## [Aim of the task]
Give back the data below word for word. Any image in it should be left out.

## [Information provided]

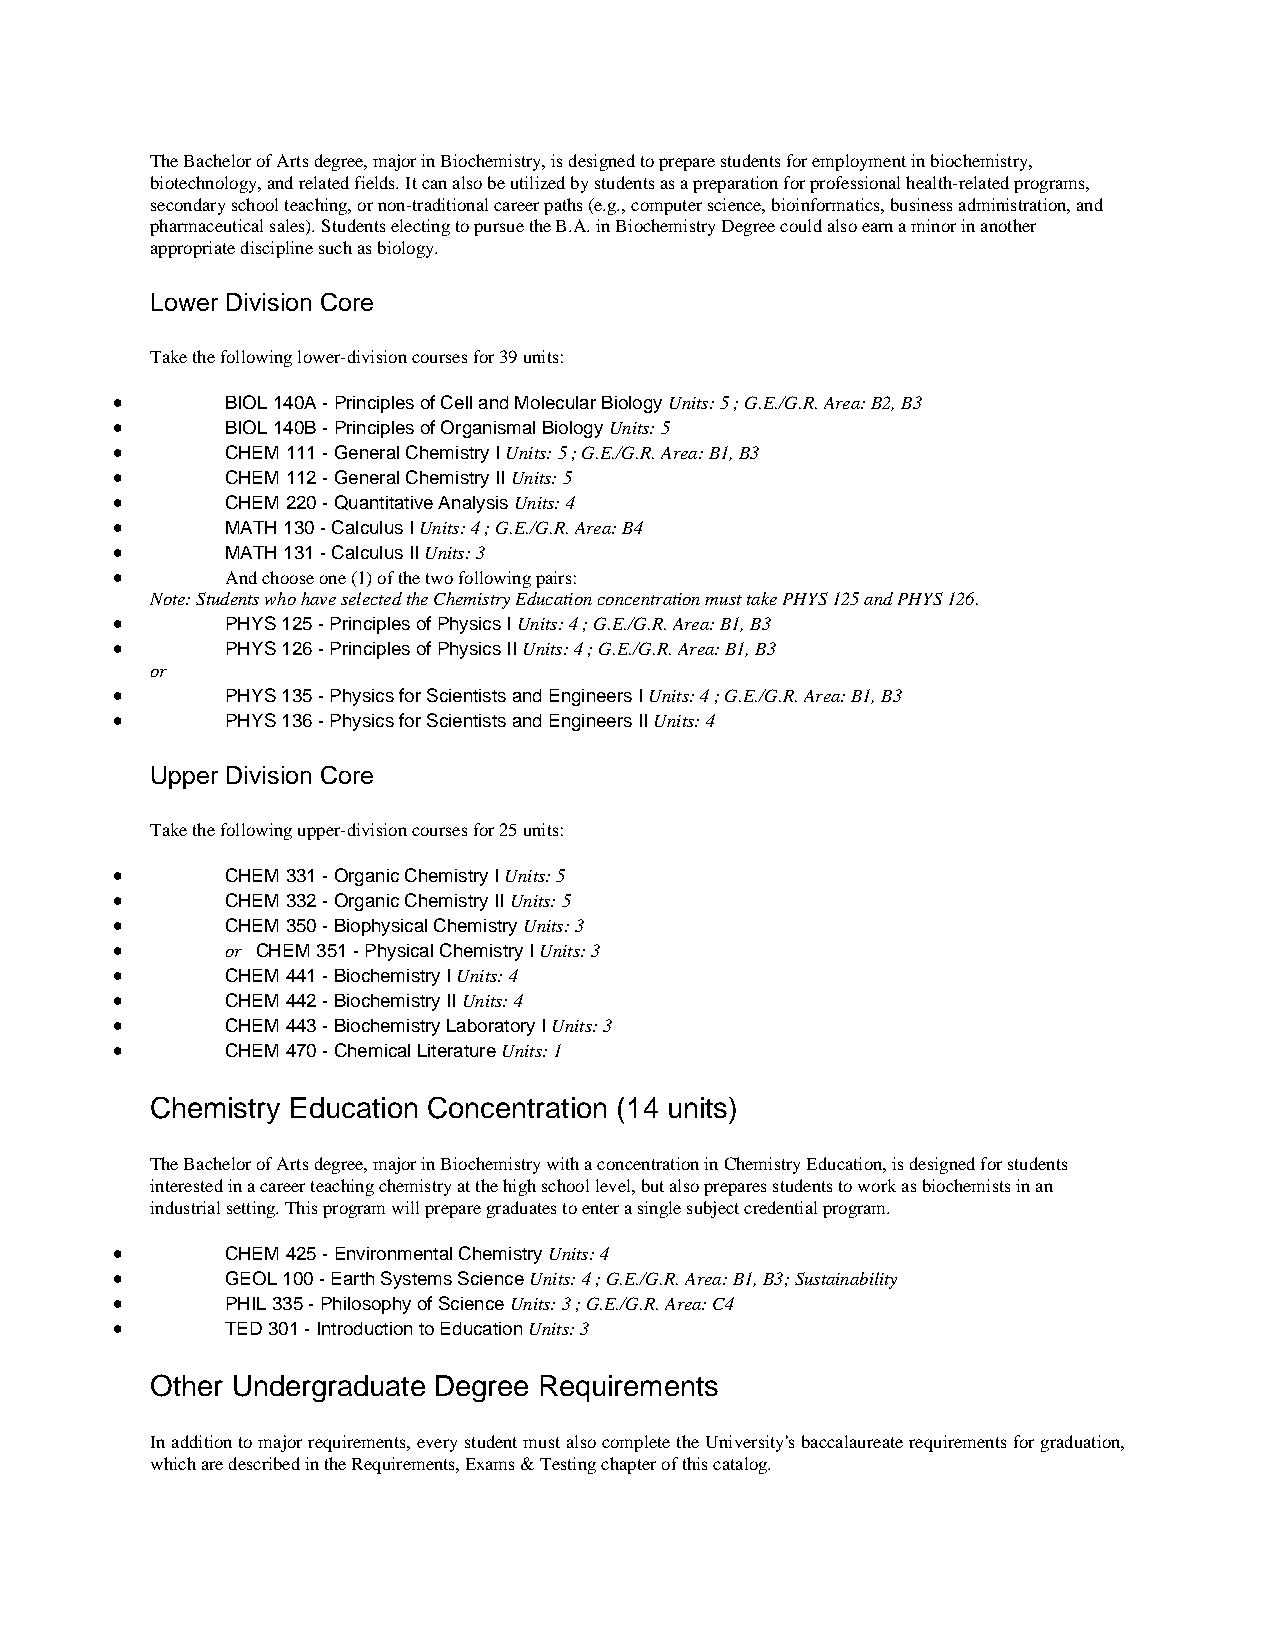
The Bachelor of Arts degree, major in Biochemistry, is designed to prepare students for employment in biochemistry,
 biotechnology, and related fields. It can also be utilized by students as a preparation for professional health-related programs,
 secondary school teaching, or non-traditional career paths (e.g., computer science, bioinformatics, business administration, and
 pharmaceutical sales). Students electing to pursue the B.A. in Biochemistry Degree could also earn a minor in another
 appropriate discipline such as biology.
 Lower Division Core
 Take the following lower-division courses for 39 units:
 •       BIOL 140A - Principles of Cell and Molecular Biology Units: 5 ; G.E./G.R. Area: B2, B3
 •       BIOL 140B - Principles of Organismal Biology Units: 5
 •       CHEM 111 - General Chemistry I Units: 5 ; G.E./G.R. Area: B1, B3
 •       CHEM 112 - General Chemistry II Units: 5
 •       CHEM 220 - Quantitative Analysis Units: 4
 •       MATH 130 - Calculus I Units: 4 ; G.E./G.R. Area: B4
 •       MATH 131 - Calculus II Units: 3
 •       And choose one (1) of the two following pairs:
 Note: Students who have selected the Chemistry Education concentration must take PHYS 125 and PHYS 126.
 •       PHYS 125 - Principles of Physics I Units: 4 ; G.E./G.R. Area: B1, B3
 •       PHYS 126 - Principles of Physics II Units: 4 ; G.E./G.R. Area: B1, B3
 or
 •       PHYS 135 - Physics for Scientists and Engineers I Units: 4 ; G.E./G.R. Area: B1, B3
 •       PHYS 136 - Physics for Scientists and Engineers II Units: 4
 Upper Division Core
 Take the following upper-division courses for 25 units:
 •       CHEM 331 - Organic Chemistry I Units: 5
 •       CHEM 332 - Organic Chemistry II Units: 5
 •       CHEM 350 - Biophysical Chemistry Units: 3
 •       or CHEM 351 - Physical Chemistry I Units: 3
 •       CHEM 441 - Biochemistry I Units: 4
 •       CHEM 442 - Biochemistry II Units: 4
 •       CHEM 443 - Biochemistry Laboratory I Units: 3
 •       CHEM 470 - Chemical Literature Units: 1
 Chemistry Education Concentration (14 units)
 The Bachelor of Arts degree, major in Biochemistry with a concentration in Chemistry Education, is designed for students
 interested in a career teaching chemistry at the high school level, but also prepares students to work as biochemists in an
 industrial setting. This program will prepare graduates to enter a single subject credential program.
 •       CHEM 425 - Environmental Chemistry Units: 4
 •       GEOL 100 - Earth Systems Science Units: 4 ; G.E./G.R. Area: B1, B3; Sustainability
 •       PHIL 335 - Philosophy of Science Units: 3 ; G.E./G.R. Area: C4
 •       TED 301 - Introduction to Education Units: 3
 Other Undergraduate Degree Requirements
 In addition to major requirements, every student must also complete the University's baccalaureate requirements for graduation,
 which are described in the Requirements, Exams & Testing chapter of this catalog.
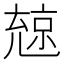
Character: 𠒨
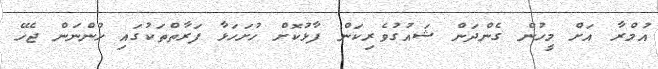
އުމްރާ އަށް މީހުން ގެންދަން ޝައުގުވެރިކަން ފާޅުކޮށް ހުށަހަޅާ ފަރާތްތަކުގައި ހުންނަން ޖެހޭ
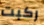
ركبت
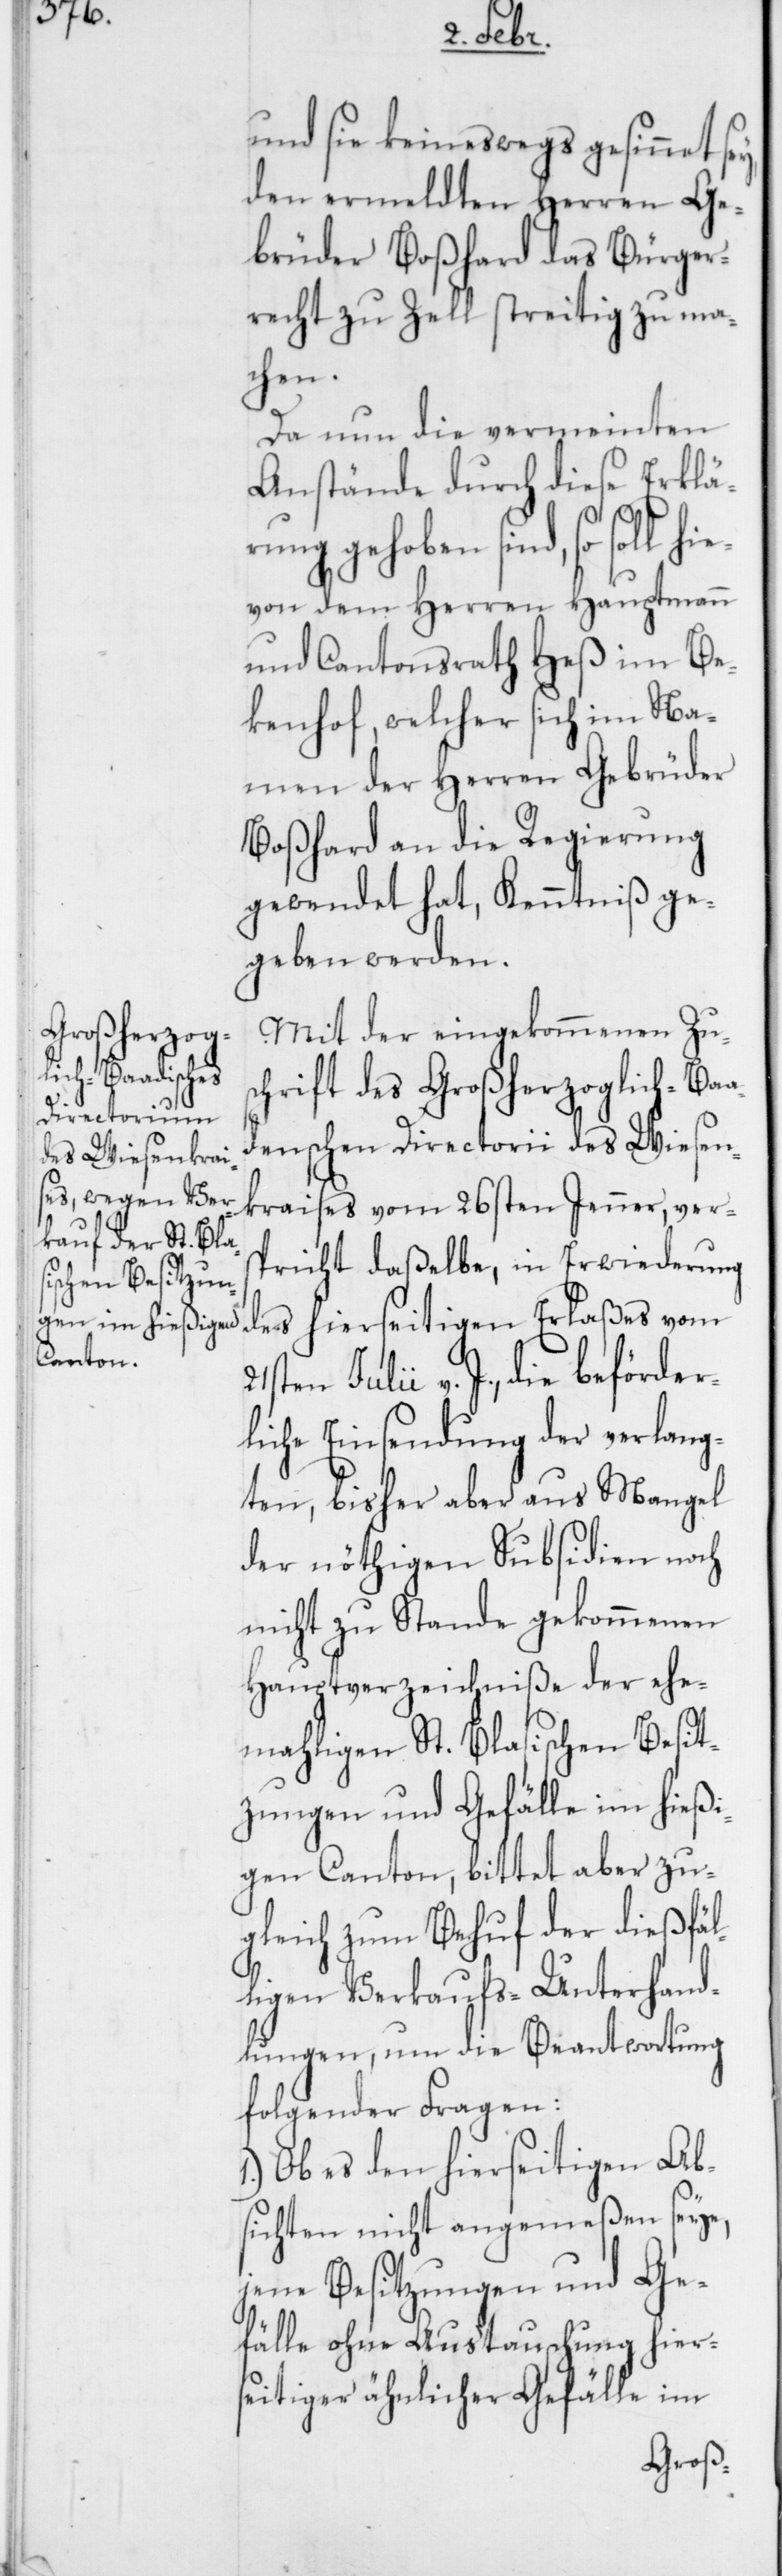
und sie keineswegs gesinnet
den ermeldten Herren Ge¬
brüder Boßhard das Bürger¬
recht zu Zell streitig zu ma¬
chen.
Da nun die vermeinten
Anstände durch diese Erklär¬
ung gehoben sind, so soll
hievon dem Herren Hauptmann
und Cantonsrath Heß im Be¬
kenhof, welcher sich im Na¬
men der Herren Gebrüder
Boßhard an die Regierung
gewendet hat, Kenntniß ge¬
geben werden.
Mit der eingekommenen Zus¬
chrift des Großherzoglich-Baa¬
denschen Directorii des Wiesen¬
kraises vom 26sten Jenner, ver¬
spricht daßelbe, in Erwiederung
des hierseitigen Erlaßes vom
Julii v. J., die beförder¬
liche Einsendung der verlang¬
ten, bisher aber aus Mangel
der nöthigen Subsidien noch
nicht zu Stande gekommenen
Hauptverzeichniße der ehe¬
maligen St. Blasischen Besit¬
zungen und Gefälle im hießi¬
gen Canton, bittet aber zu¬
gleich zum Behuf der dießfäl¬
ligen Verkaufs-Unterhand¬
lungen, um die Beantwortung
folgender Fragen:
Ob es den hierseitigen Ab¬
sichten nicht angemeßen seye,
jene Besitzungen und Ge¬
fälle ohne Austauschung hier¬
seitiger ähnlicher Gefälle im

## [Answer to this task]
The Bachelor of Arts degree, major in Biochemistry, is designed to prepare students for employment in biochemistry,
 biotechnology, and related fields. It can also be utilized by students as a preparation for professional health-related programs,
 secondary school teaching, or non-traditional career paths (e.g., computer science, bioinformatics, business administration, and
 pharmaceutical sales). Students electing to pursue the B.A. in Biochemistry Degree could also earn a minor in another
 appropriate discipline such as biology.
 Lower Division Core
 Take the following lower-division courses for 39 units:
 •       BIOL 140A - Principles of Cell and Molecular Biology Units: 5 ; G.E./G.R. Area: B2, B3
 •       BIOL 140B - Principles of Organismal Biology Units: 5
 •       CHEM 111 - General Chemistry I Units: 5 ; G.E./G.R. Area: B1, B3
 •       CHEM 112 - General Chemistry II Units: 5
 •       CHEM 220 - Quantitative Analysis Units: 4
 •       MATH 130 - Calculus I Units: 4 ; G.E./G.R. Area: B4
 •       MATH 131 - Calculus II Units: 3
 •       And choose one (1) of the two following pairs:
 Note: Students who have selected the Chemistry Education concentration must take PHYS 125 and PHYS 126.
 •       PHYS 125 - Principles of Physics I Units: 4 ; G.E./G.R. Area: B1, B3
 •       PHYS 126 - Principles of Physics II Units: 4 ; G.E./G.R. Area: B1, B3
 or
 •       PHYS 135 - Physics for Scientists and Engineers I Units: 4 ; G.E./G.R. Area: B1, B3
 •       PHYS 136 - Physics for Scientists and Engineers II Units: 4
 Upper Division Core
 Take the following upper-division courses for 25 units:
 •       CHEM 331 - Organic Chemistry I Units: 5
 •       CHEM 332 - Organic Chemistry II Units: 5
 •       CHEM 350 - Biophysical Chemistry Units: 3
 •       or CHEM 351 - Physical Chemistry I Units: 3
 •       CHEM 441 - Biochemistry I Units: 4
 •       CHEM 442 - Biochemistry II Units: 4
 •       CHEM 443 - Biochemistry Laboratory I Units: 3
 •       CHEM 470 - Chemical Literature Units: 1
 Chemistry Education Concentration (14 units)
 The Bachelor of Arts degree, major in Biochemistry with a concentration in Chemistry Education, is designed for students
 interested in a career teaching chemistry at the high school level, but also prepares students to work as biochemists in an
 industrial setting. This program will prepare graduates to enter a single subject credential program.
 •       CHEM 425 - Environmental Chemistry Units: 4
 •       GEOL 100 - Earth Systems Science Units: 4 ; G.E./G.R. Area: B1, B3; Sustainability
 •       PHIL 335 - Philosophy of Science Units: 3 ; G.E./G.R. Area: C4
 •       TED 301 - Introduction to Education Units: 3
 Other Undergraduate Degree Requirements
 In addition to major requirements, every student must also complete the University's baccalaureate requirements for graduation,
 which are described in the Requirements, Exams & Testing chapter of this catalog.
Character: 𠒨
އުމްރާ އަށް މީހުން ގެންދަން ޝައުގުވެރިކަން ފާޅުކޮށް ހުށަހަޅާ ފަރާތްތަކުގައި ހުންނަން ޖެހޭ
ركبت
und sie keineswegs gesinnet
den ermeldten Herren Ge¬
brüder Boßhard das Bürger¬
recht zu Zell streitig zu ma¬
chen.
Da nun die vermeinten
Anstände durch diese Erklär¬
ung gehoben sind, so soll
hievon dem Herren Hauptmann
und Cantonsrath Heß im Be¬
kenhof, welcher sich im Na¬
men der Herren Gebrüder
Boßhard an die Regierung
gewendet hat, Kenntniß ge¬
geben werden.
Mit der eingekommenen Zus¬
chrift des Großherzoglich-Baa¬
denschen Directorii des Wiesen¬
kraises vom 26sten Jenner, ver¬
spricht daßelbe, in Erwiederung
des hierseitigen Erlaßes vom
Julii v. J., die beförder¬
liche Einsendung der verlang¬
ten, bisher aber aus Mangel
der nöthigen Subsidien noch
nicht zu Stande gekommenen
Hauptverzeichniße der ehe¬
maligen St. Blasischen Besit¬
zungen und Gefälle im hießi¬
gen Canton, bittet aber zu¬
gleich zum Behuf der dießfäl¬
ligen Verkaufs-Unterhand¬
lungen, um die Beantwortung
folgender Fragen:
Ob es den hierseitigen Ab¬
sichten nicht angemeßen seye,
jene Besitzungen und Ge¬
fälle ohne Austauschung hier¬
seitiger ähnlicher Gefälle im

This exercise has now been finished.